Duane Michals
[Photographer, b. 1932, McKeesport, Pennsylvania, lives in New York.]

 I never photograph sunsets and I never photograph moonrises. I’m not interested in what things look like. 
 The camera is like a typewriter, in the sense in which you can use the machine to write a love letter, a book, or a business memo. 
 Most portraits are lies. People are rarely what they appear to be, especially in front of a camera. You might know me your entire lifetime and never reveal yourself to me. To interpret wrinkles as character is insult not insight. 
 What’s important to me is the idea. It doesn’t have to be a perfect, Ansel Adams,‘f64’ picture. 
 Get Weston off your back, forget Arbus, Frank, Adams, White, don’t look at photographs. Kill the Buddha. 

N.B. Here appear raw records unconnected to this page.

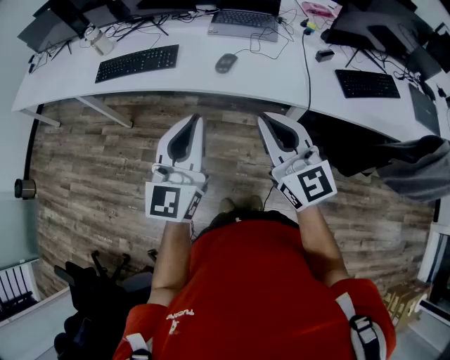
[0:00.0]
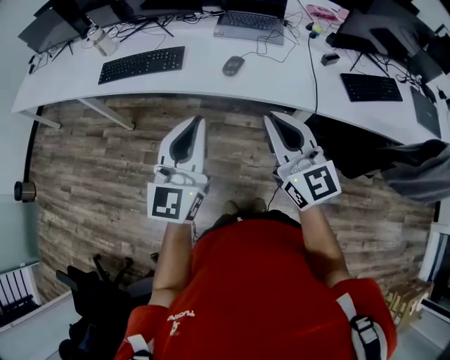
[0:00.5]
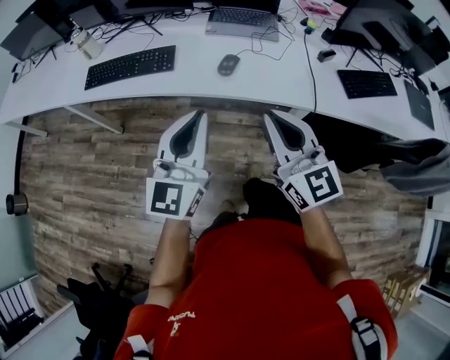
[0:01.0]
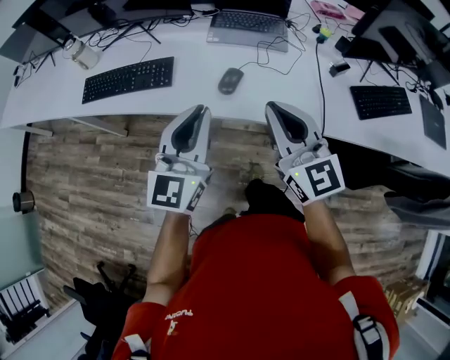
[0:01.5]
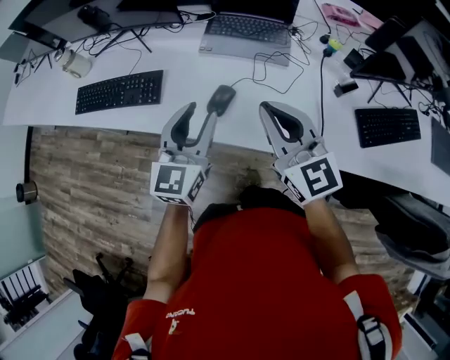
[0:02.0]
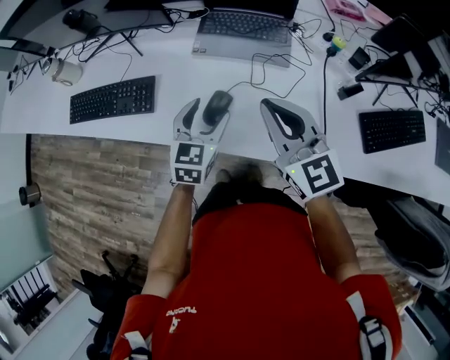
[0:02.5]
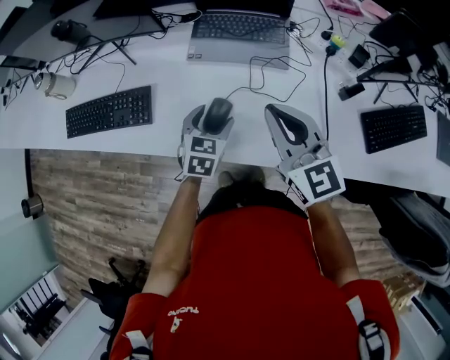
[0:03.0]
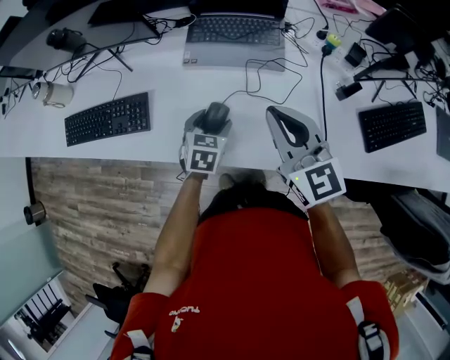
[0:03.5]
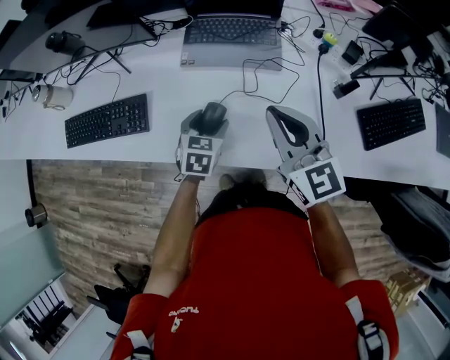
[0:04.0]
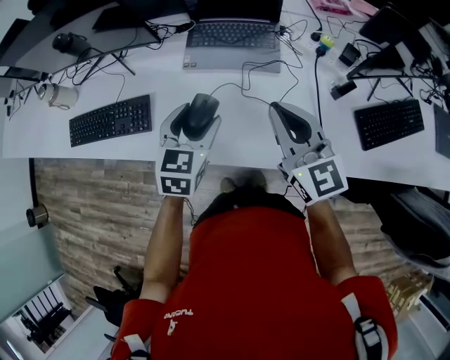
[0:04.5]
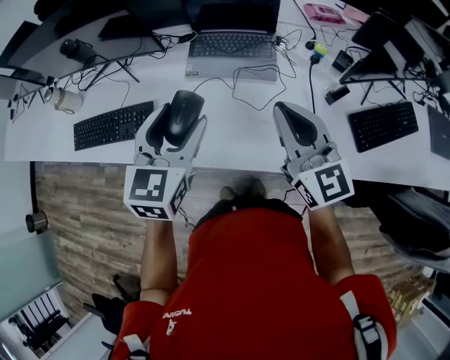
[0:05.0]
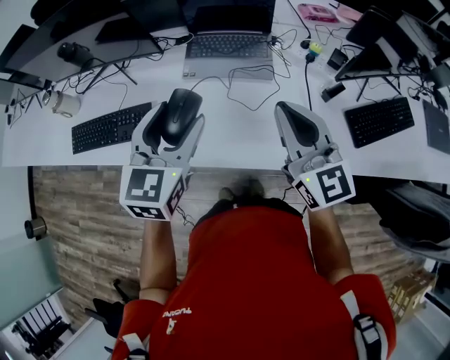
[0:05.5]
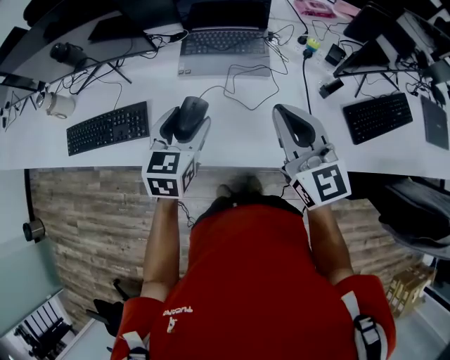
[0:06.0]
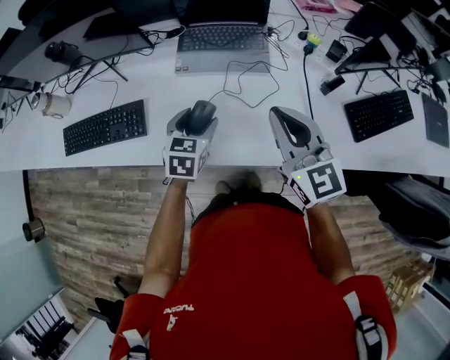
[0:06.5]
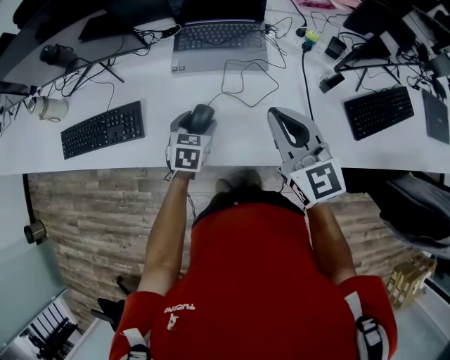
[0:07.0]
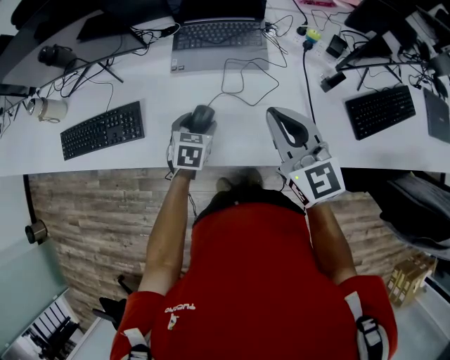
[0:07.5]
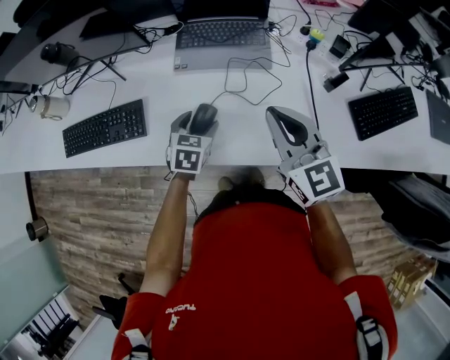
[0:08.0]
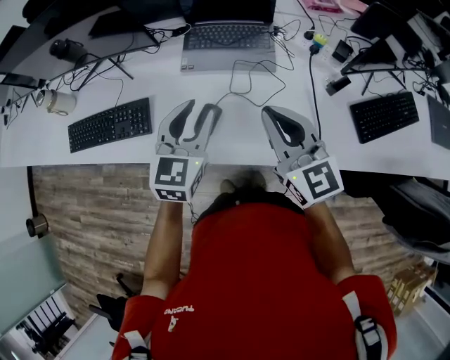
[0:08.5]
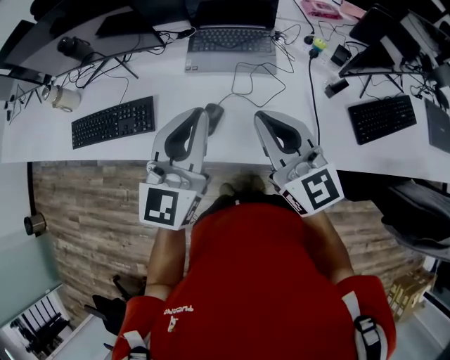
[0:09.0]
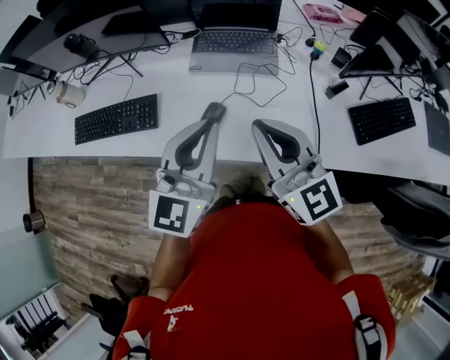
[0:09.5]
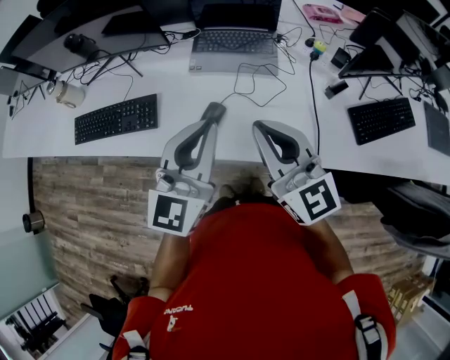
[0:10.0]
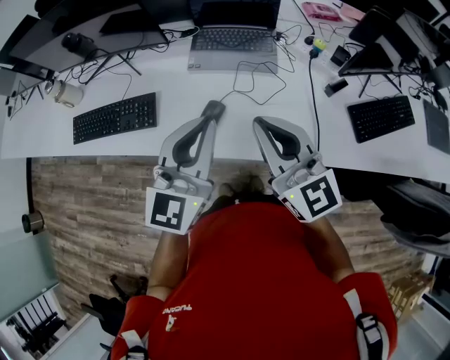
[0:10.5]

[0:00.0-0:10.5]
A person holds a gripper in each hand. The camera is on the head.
0:00.0 to 0:02.0: The right gripper heads forward, covering about 25 cm, while the left gripper heads forward and downward, covering roughly 30 cm, and opens.
0:02.0 to 0:04.0: The left gripper heads downward and forward, covering some 20 cm, tips its fingers downward by about 40 degrees, and opens. The right gripper shifts about 5 cm forward.
0:04.0 to 0:06.5: The left gripper reaches some 25 cm upward, then returns, while the right gripper goes upward and returns, some 10 cm each way.
0:06.5 to 0:08.5: The left gripper shifts roughly 15 cm upward, changes its angle by about 20 degrees, and closes up.
0:08.5 to 0:10.5: The left gripper travels upward and backward by roughly 15 cm, and closes, while the right gripper moves backward and upward, roughly 10 cm.

 You can never capture a person in picture, never. You might get an interesting expression or gesture. I almost never research a picture subject ahead of time. I think Karsh is full of baloney. Can you imagine spending a whole week out in La Jolla with Jonas Salk soaking up his ambiance, then wind up making him look as if he’s in the studio in Ottawa with his thumb under his chin? 

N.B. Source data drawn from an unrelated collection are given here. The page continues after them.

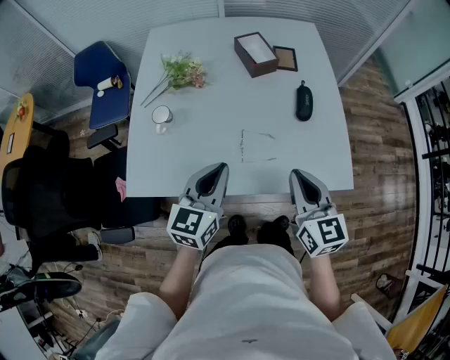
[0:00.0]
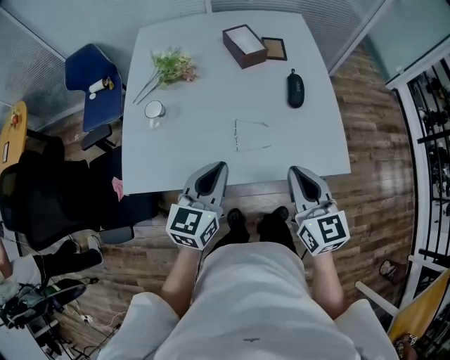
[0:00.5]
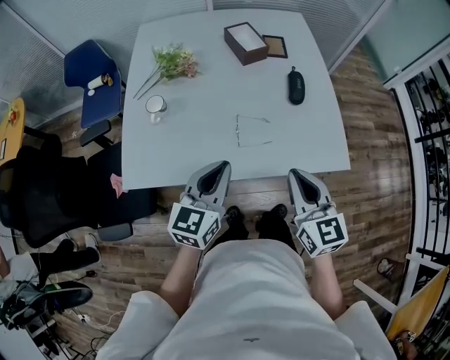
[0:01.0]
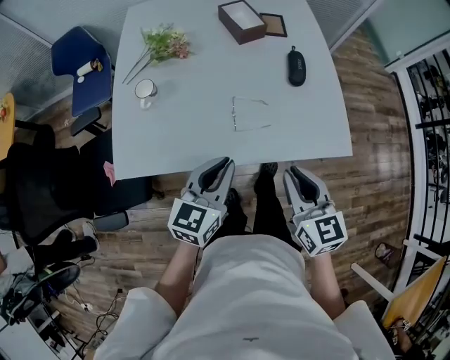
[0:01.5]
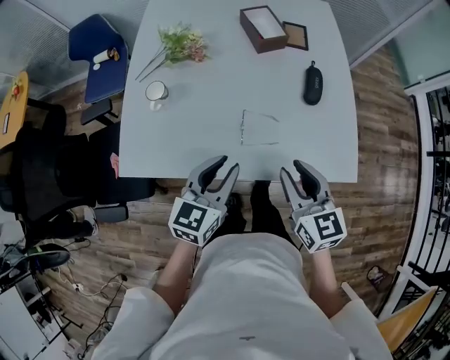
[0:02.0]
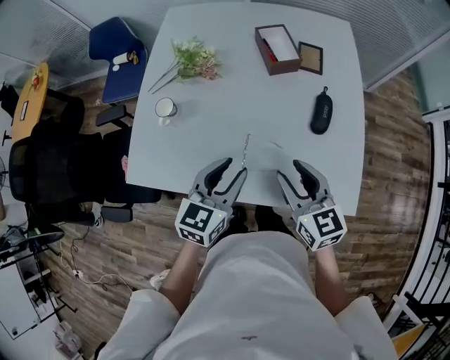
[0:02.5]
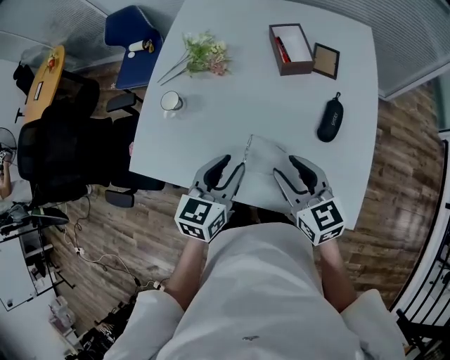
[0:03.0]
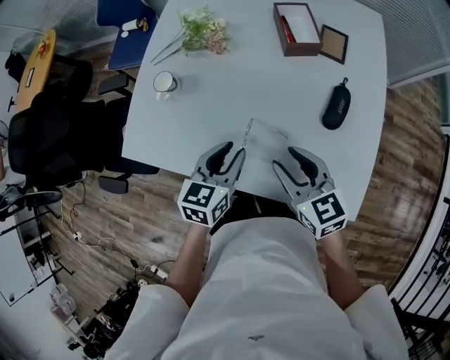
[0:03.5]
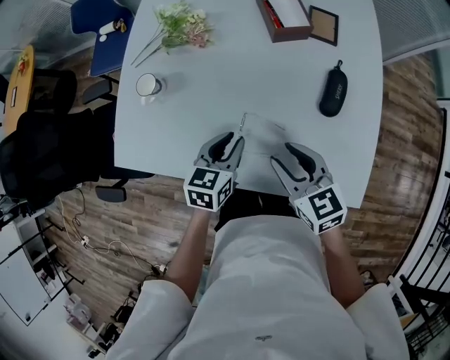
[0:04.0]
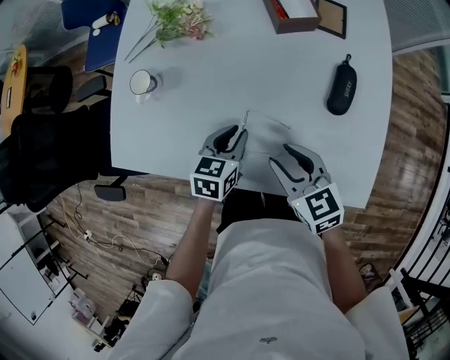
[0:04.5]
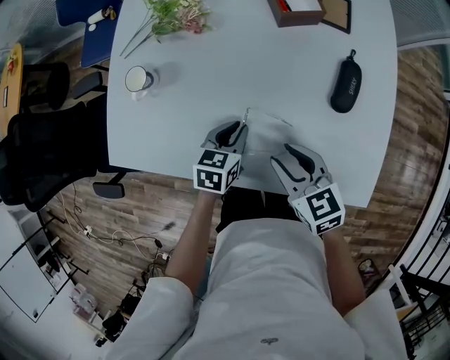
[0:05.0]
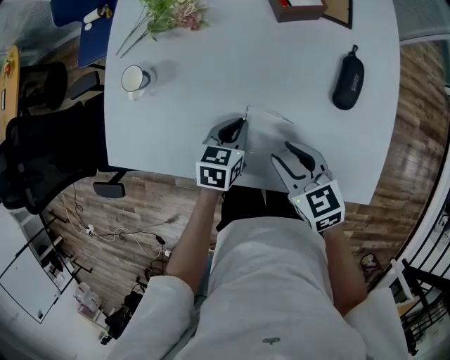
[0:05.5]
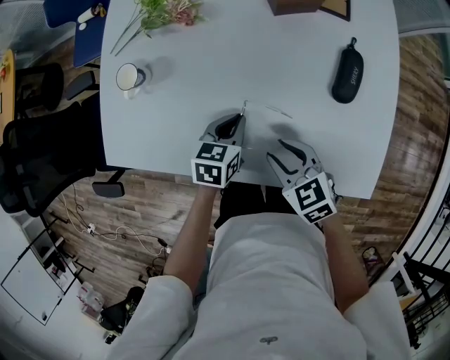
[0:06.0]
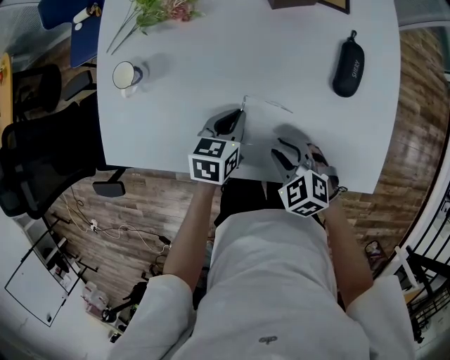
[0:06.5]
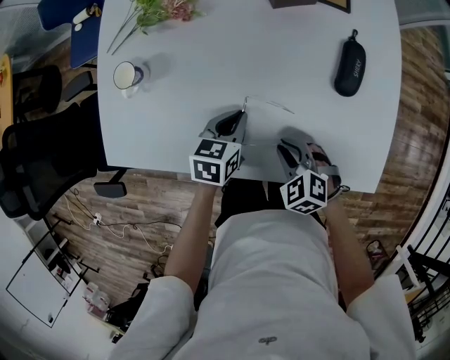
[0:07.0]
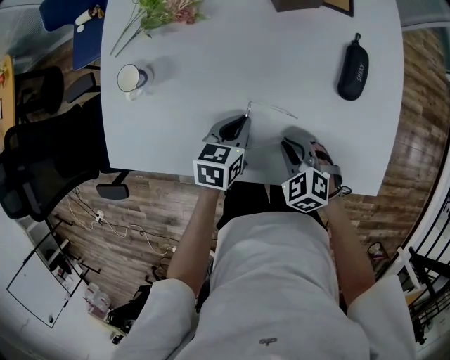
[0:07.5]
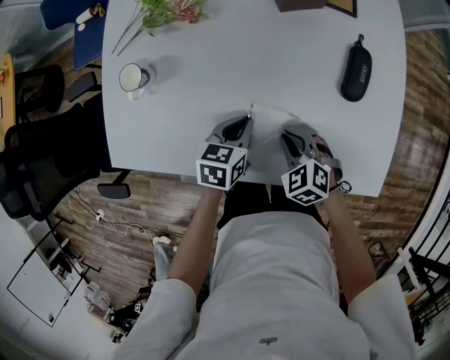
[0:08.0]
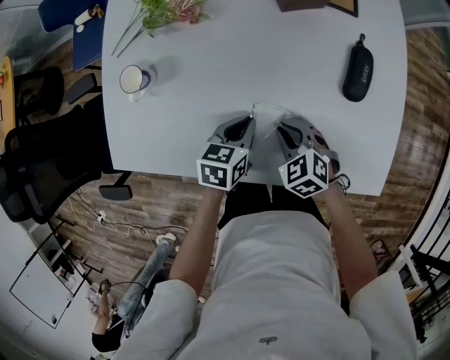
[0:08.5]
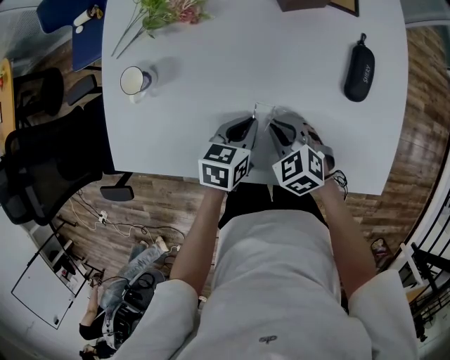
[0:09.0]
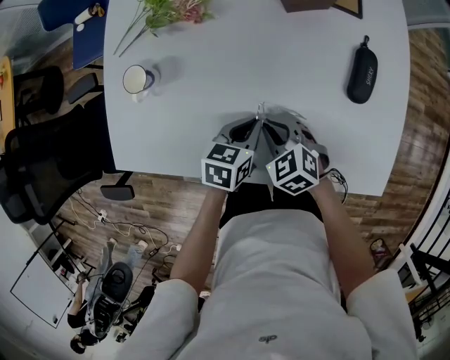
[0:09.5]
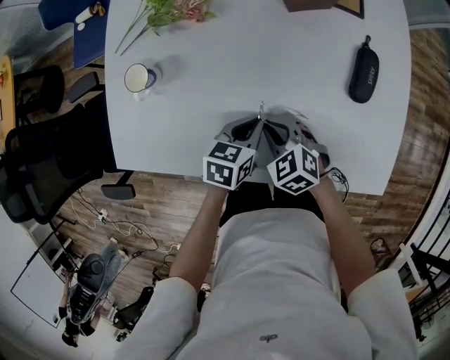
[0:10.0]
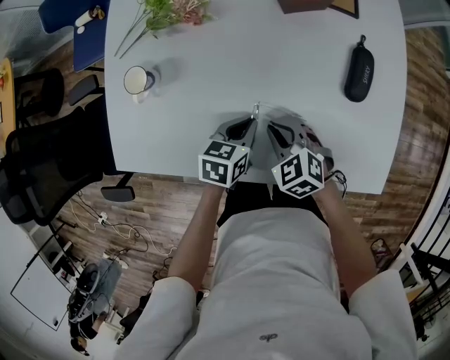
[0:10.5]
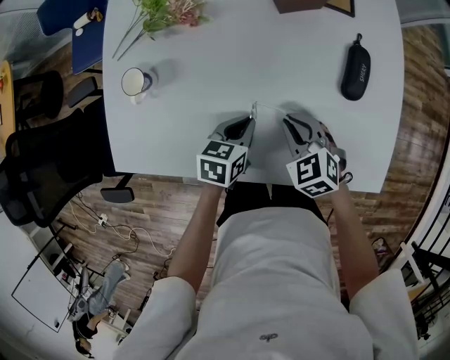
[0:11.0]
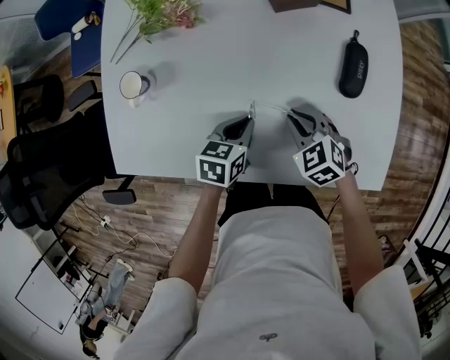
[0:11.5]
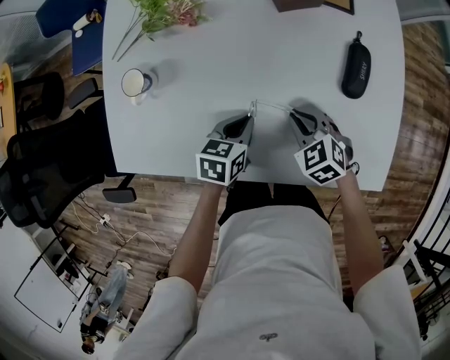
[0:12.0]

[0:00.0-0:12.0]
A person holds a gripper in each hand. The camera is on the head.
0:00.0 to 0:02.0: The left gripper changes place by approximately 5 cm, and opens its fingers. The right gripper opens.
0:02.0 to 0:04.0: The right gripper moves forward and downward, about 15 cm, and turns by roughly 20 degrees. The left gripper shifts about 15 cm downward and forward, and changes its angle by some 20 degrees.
0:04.0 to 0:06.0: The grippers both shift downward by about 10 cm.
0:06.0 to 0:08.0: The right gripper travels downward by about 5 cm, turns by about 20 degrees, and closes up.
0:08.0 to 0:10.0: The right gripper is displaced to the left by approximately 5 cm.
0:10.0 to 0:12.0: The right gripper is displaced to the right by about 10 cm.

 I believe in the invisible. I do not believe in the definitive reality of things around us. For me, reality is the intuition and the imagination and the quiet voice inside my head that says: isn’t that extraordinary? The things in our lives are the shadows of reality, just as we ourselves are shadows. 
 I believe in the imagination. What I cannot see is infinitely more important than what I can see.